Aerith nodded, swallowing the lump in her throat. She raised the scissors in one hand, a comb in the other, and was about to carry on when Cissnei suddenly stopped and twisted to face her. The back of her head was framed by the cracked vanity mirror, streaked in places where the dye was either in too long or washed out too soon. She'd been wearing a hat since her roots started to show – perfectly acceptable here in the north, where not wearing one made you stand out more.
And they couldn't afford to stand out. Not now, after all these months of successfully staying hidden.
"Focus," Cissnei said, the playfulness gone from her voice. "Stay focussed."
"But -"
"Stay. Focussed."
"But those SOLDIERs -"
"Probably here on an unrelated matter. Shinra wouldn't send two fully-armed SOLDIERs after one girl, even if they knew your location – which, if Tseng has been doing his job right -" Her eyes challenged Aerith to even entertain the idea he hadn't. "- they don't."
But they might send SOLDIERs after a veteran Turk. Bizarre as it was to think of Cissnei as a veteran anything. She was cagey about her life and her past, but Aerith put her age as not too far above her own. That could be wrong, though. Cissnei had one of those faces that looked young except for her eyes. The other sure-fire way to tell a person's age was by the state of their hands, and Cissnei's were covered by fingerless leather gloves she rarely, if ever, took off.

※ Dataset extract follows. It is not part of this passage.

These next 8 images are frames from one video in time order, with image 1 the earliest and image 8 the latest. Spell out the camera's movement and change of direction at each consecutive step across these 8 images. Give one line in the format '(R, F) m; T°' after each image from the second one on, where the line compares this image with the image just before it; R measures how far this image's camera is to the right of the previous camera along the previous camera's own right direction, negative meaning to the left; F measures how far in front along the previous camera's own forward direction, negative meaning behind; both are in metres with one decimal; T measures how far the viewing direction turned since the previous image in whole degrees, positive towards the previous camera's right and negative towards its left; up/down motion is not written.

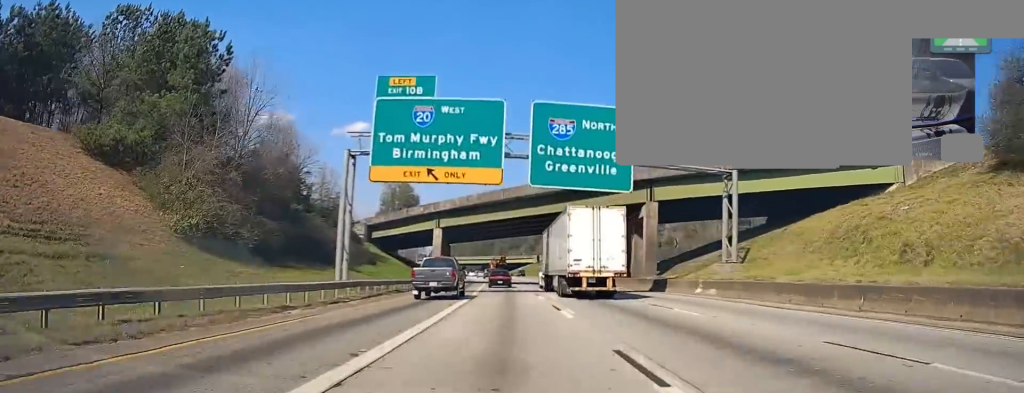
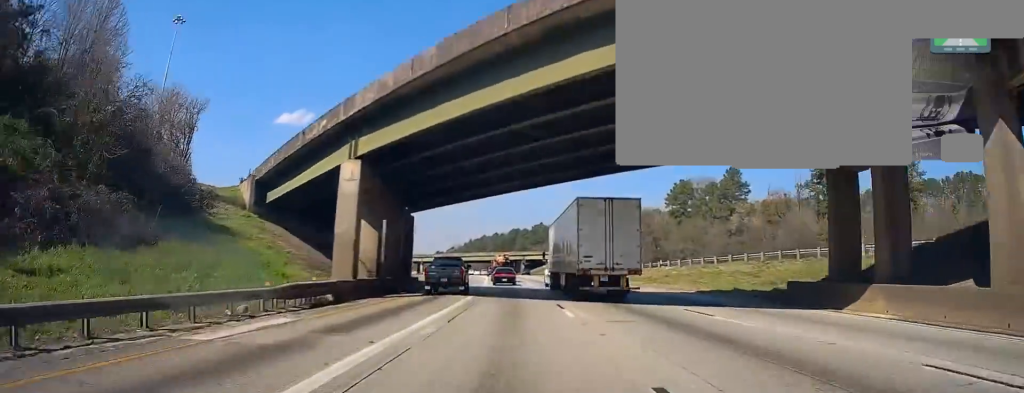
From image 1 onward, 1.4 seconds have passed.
(-0.2, +39.2) m; -2°
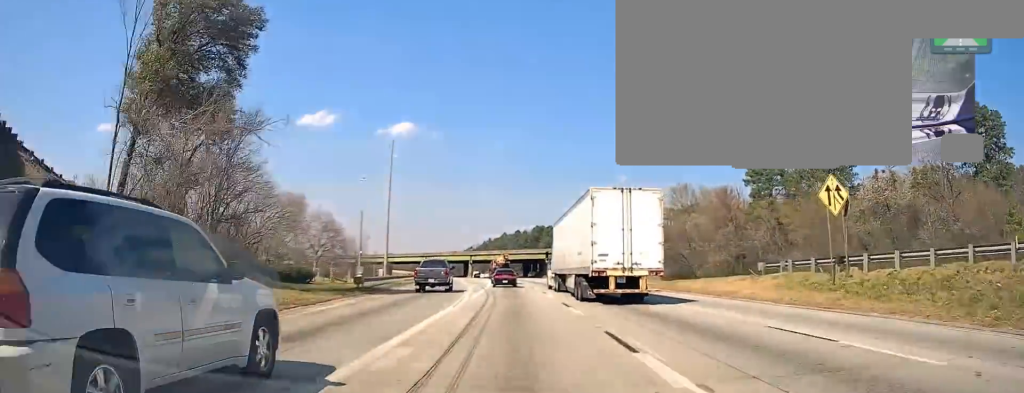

Aerith kept her own counsel about all of that, though. She kept her own counsel about a lot of things. Cissnei wasn't into girly chats and sharing secrets. It might have been because she was a Turk, or it might have been just the way she was. She was so hard to read. Aerith had to just trust that what she told her was true, and that Tseng had also been telling the truth when he said the best thing she could do now was leave Midgar and not look back. He'd only let her say goodbye to her mom because she begged, and Aerith got the feeling that level of compassion was unprecedented for him.
Aerith didn't know the details, but apparently Tseng's advice had come just from him, not his superiors, which meant if she was caught it wasn't just her own neck on the line. Why he was taking such a risk on her behalf, she didn't know, and Tseng refused to elaborate on the reasons why. Surely he, as an employee of Shinra, was obliged to keep her close by. Yet Shinra wasn't looking for a missing Turk or a missing ex-specimen. If Cissnei's grudging bits of information were correct, Shinra thought all their Turks were safely ensconced on missions, didn't even realise Aerith had left Midgar, and would leave them both in peace as long as this remained true.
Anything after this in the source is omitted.